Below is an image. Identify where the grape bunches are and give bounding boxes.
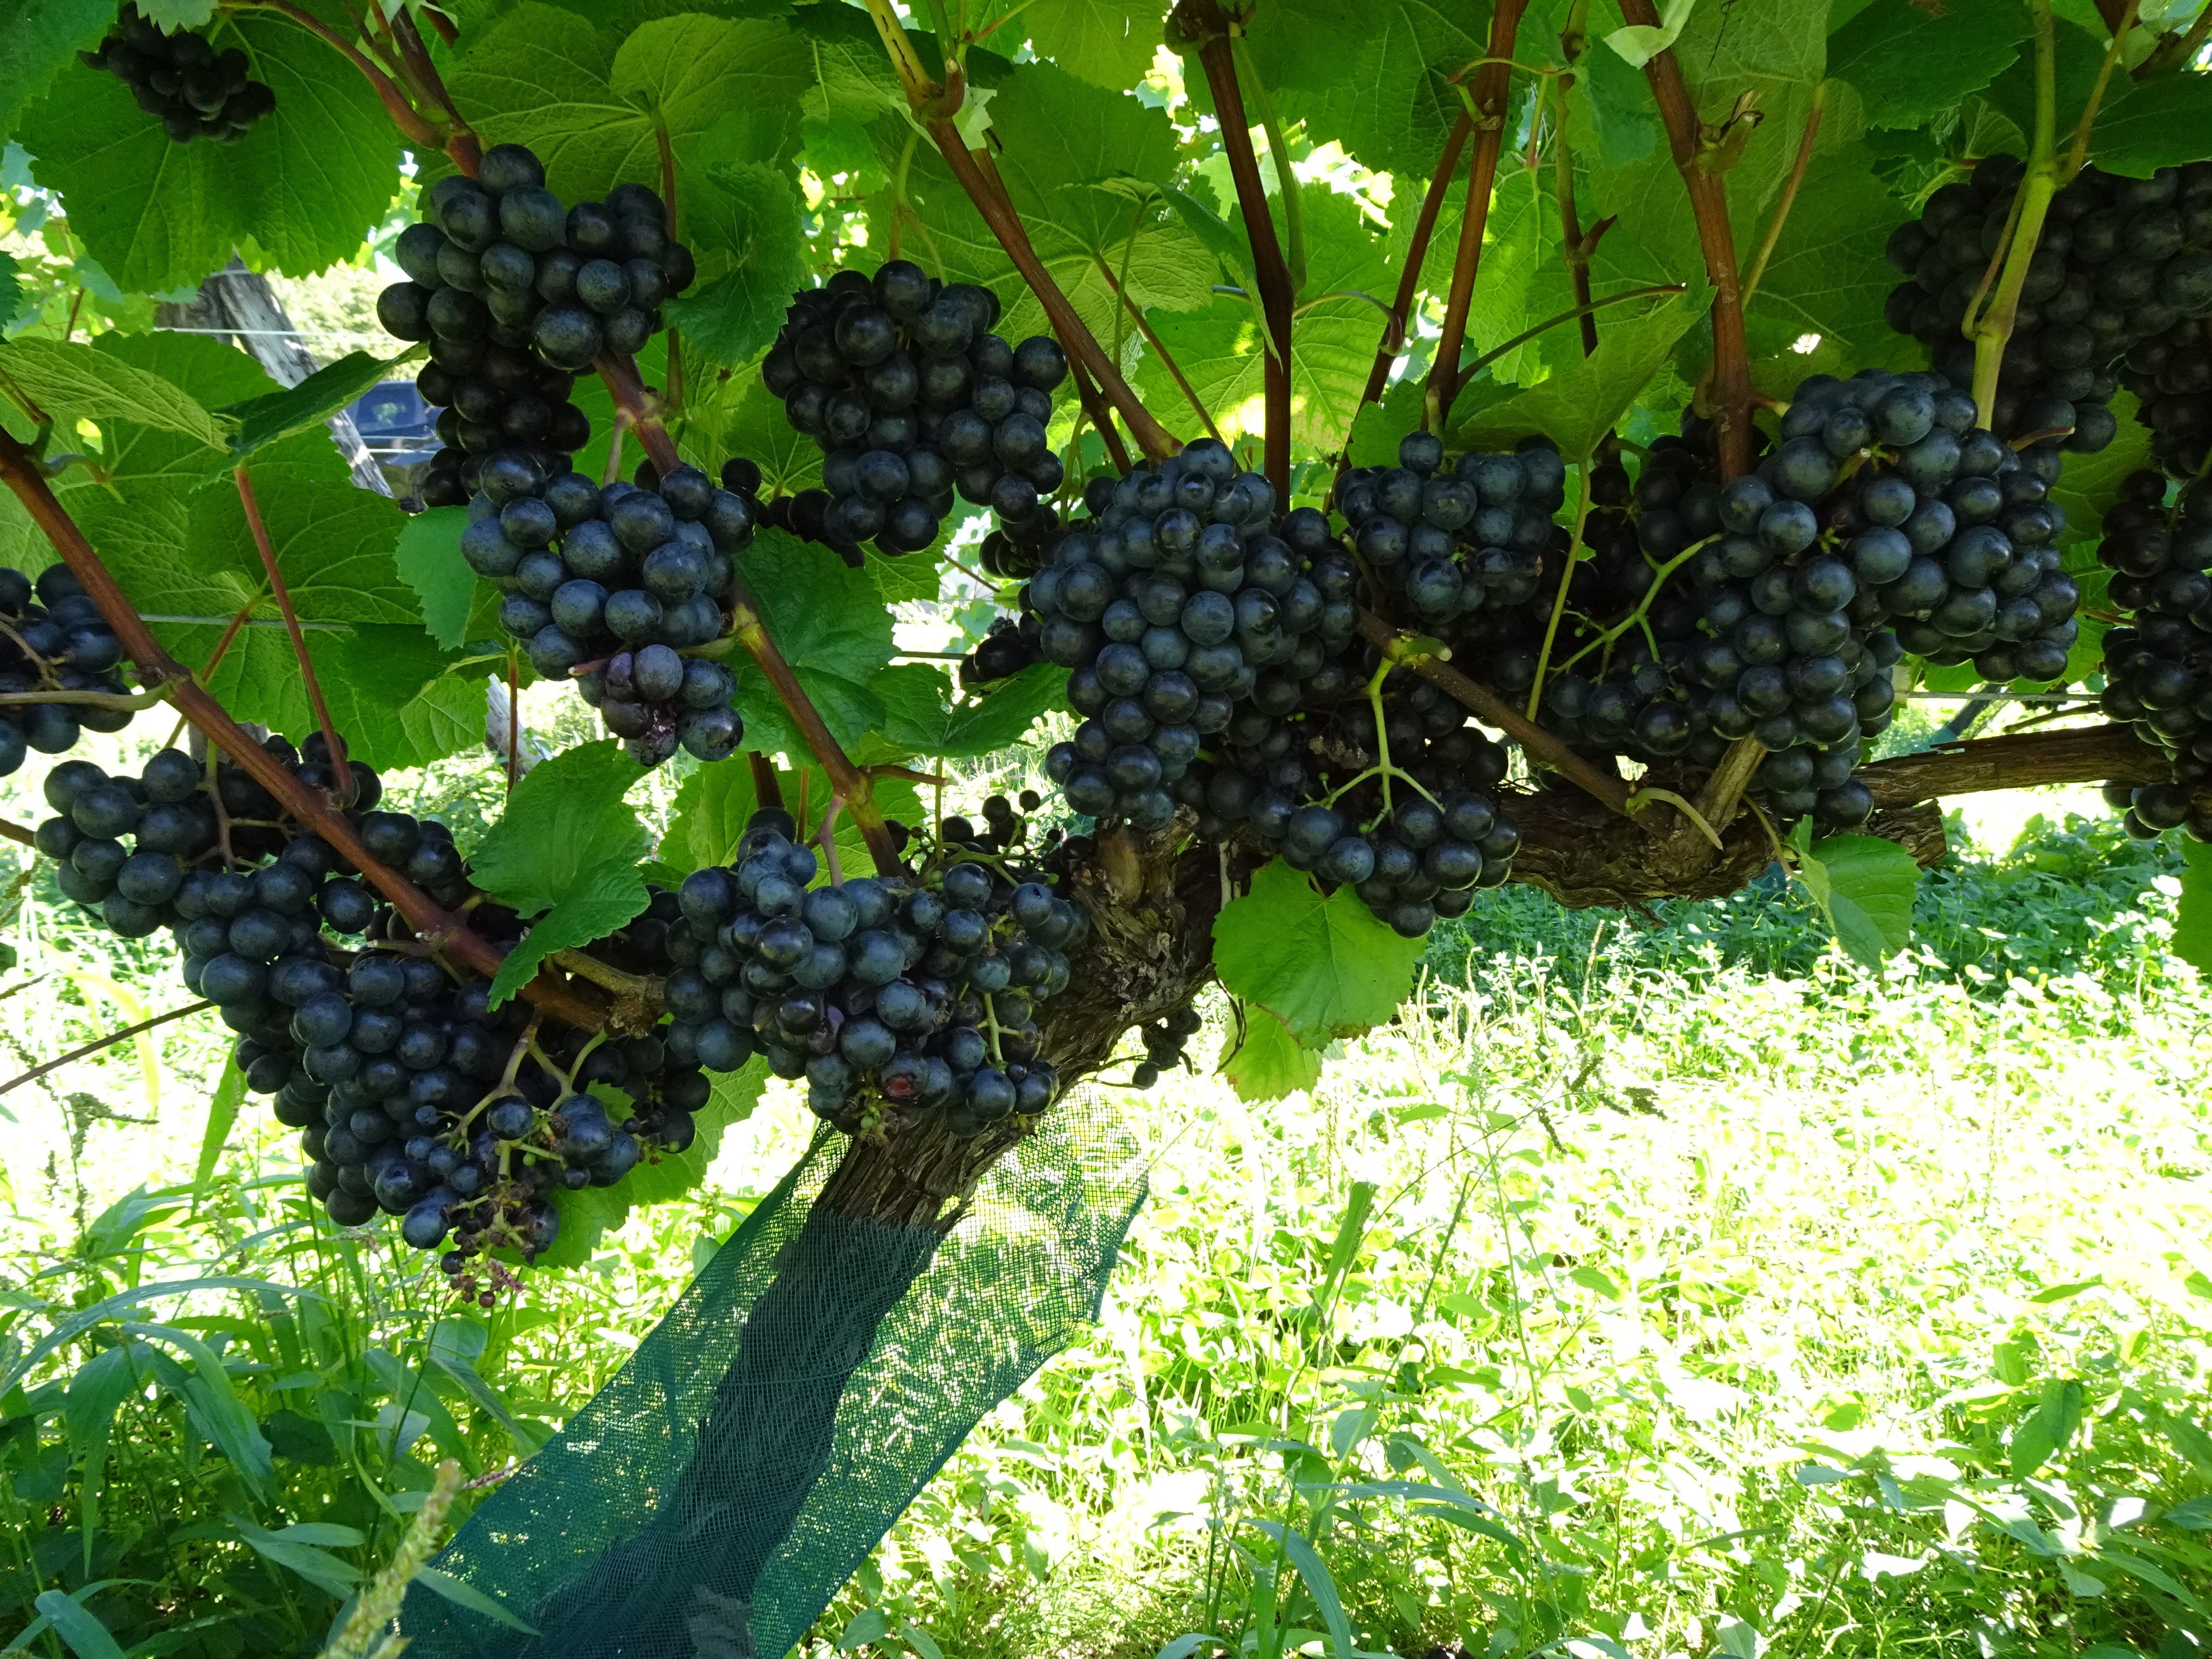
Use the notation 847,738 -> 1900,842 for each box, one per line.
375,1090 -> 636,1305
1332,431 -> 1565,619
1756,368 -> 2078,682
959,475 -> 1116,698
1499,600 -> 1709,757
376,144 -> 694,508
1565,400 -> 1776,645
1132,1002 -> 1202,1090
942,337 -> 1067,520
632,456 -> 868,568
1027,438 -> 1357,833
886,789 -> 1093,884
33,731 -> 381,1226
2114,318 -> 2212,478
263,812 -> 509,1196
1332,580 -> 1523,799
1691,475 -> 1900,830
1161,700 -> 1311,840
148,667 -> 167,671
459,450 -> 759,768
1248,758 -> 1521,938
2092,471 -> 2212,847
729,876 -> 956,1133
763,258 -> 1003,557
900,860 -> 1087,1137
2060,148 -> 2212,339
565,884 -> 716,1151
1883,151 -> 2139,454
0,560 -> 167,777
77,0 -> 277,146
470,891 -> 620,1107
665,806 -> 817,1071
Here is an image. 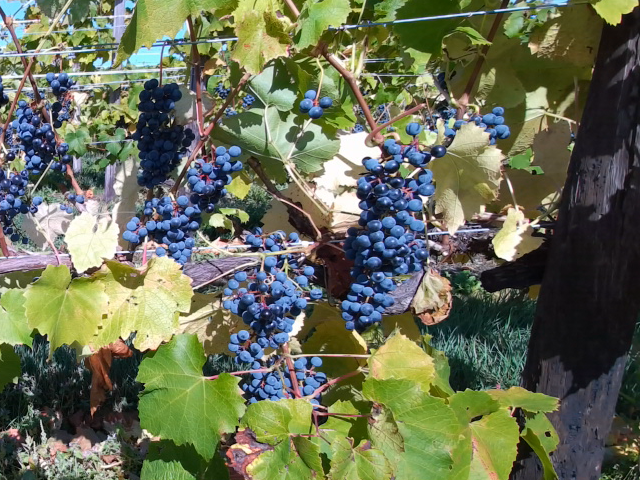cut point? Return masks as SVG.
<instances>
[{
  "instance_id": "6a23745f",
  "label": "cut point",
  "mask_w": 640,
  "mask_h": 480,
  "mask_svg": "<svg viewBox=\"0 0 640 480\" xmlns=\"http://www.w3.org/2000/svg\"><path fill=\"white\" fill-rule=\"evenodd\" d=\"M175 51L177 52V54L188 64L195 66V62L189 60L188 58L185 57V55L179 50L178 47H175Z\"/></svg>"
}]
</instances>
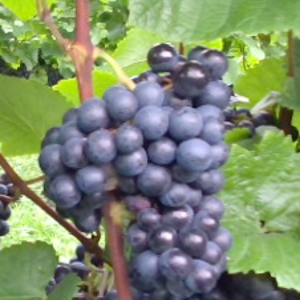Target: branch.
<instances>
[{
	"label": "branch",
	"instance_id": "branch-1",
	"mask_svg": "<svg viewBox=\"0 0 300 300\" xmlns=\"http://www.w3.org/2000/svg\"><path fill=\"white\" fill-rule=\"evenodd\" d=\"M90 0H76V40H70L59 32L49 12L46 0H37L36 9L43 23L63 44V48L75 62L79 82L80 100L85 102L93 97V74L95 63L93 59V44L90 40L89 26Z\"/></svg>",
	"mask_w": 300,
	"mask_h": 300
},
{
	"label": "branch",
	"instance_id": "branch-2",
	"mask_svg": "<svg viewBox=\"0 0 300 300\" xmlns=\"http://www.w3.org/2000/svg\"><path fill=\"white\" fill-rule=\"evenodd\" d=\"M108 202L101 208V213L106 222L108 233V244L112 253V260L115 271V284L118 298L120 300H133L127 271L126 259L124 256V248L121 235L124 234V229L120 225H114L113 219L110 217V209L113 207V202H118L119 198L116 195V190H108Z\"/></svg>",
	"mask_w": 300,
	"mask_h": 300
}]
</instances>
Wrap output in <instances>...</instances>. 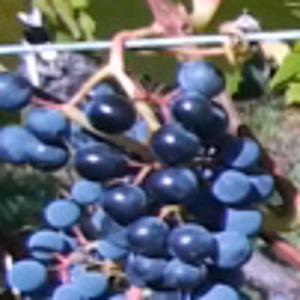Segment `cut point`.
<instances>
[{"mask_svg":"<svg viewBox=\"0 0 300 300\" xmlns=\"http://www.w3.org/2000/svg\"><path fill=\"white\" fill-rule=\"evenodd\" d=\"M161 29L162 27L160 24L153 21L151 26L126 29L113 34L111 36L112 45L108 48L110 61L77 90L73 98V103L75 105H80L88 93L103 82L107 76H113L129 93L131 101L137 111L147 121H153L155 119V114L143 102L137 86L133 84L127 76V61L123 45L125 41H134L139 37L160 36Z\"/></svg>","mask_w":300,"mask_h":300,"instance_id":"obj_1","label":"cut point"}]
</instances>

:::

Work to be completed.
In the entries above, identify every line with the word "viewBox". Copy those lines.

Reply to the exercise.
  "mask_svg": "<svg viewBox=\"0 0 640 480\" xmlns=\"http://www.w3.org/2000/svg\"><path fill=\"white\" fill-rule=\"evenodd\" d=\"M175 51L177 52V54L188 64L195 66V62L189 60L188 58L185 57V55L179 50L178 47H175Z\"/></svg>"
	"mask_svg": "<svg viewBox=\"0 0 300 300\" xmlns=\"http://www.w3.org/2000/svg\"><path fill=\"white\" fill-rule=\"evenodd\" d=\"M90 0H76V40H70L59 32L49 12L46 0H37L36 9L43 23L63 44V48L75 62L79 82L80 100L85 102L93 97V74L95 63L93 59V44L90 40L89 26Z\"/></svg>",
	"mask_svg": "<svg viewBox=\"0 0 300 300\" xmlns=\"http://www.w3.org/2000/svg\"><path fill=\"white\" fill-rule=\"evenodd\" d=\"M108 202L101 208V213L106 222L108 233V244L112 253V260L115 271V284L118 298L120 300H133L127 271L126 259L124 256V248L121 235L124 234V229L120 225H114L113 219L110 217V209L113 207V202H118L119 198L116 195V190H108Z\"/></svg>",
[{"mask_svg":"<svg viewBox=\"0 0 300 300\" xmlns=\"http://www.w3.org/2000/svg\"><path fill=\"white\" fill-rule=\"evenodd\" d=\"M161 29L162 27L160 24L153 21L151 26L126 29L113 34L111 36L112 45L108 48L110 61L77 90L73 98V103L75 105H80L88 93L103 82L107 76H113L129 93L131 101L137 111L147 121H153L155 119V114L143 102L137 86L133 84L127 76V61L123 45L125 41H134L139 37L160 36Z\"/></svg>","mask_w":300,"mask_h":300,"instance_id":"obj_1","label":"cut point"}]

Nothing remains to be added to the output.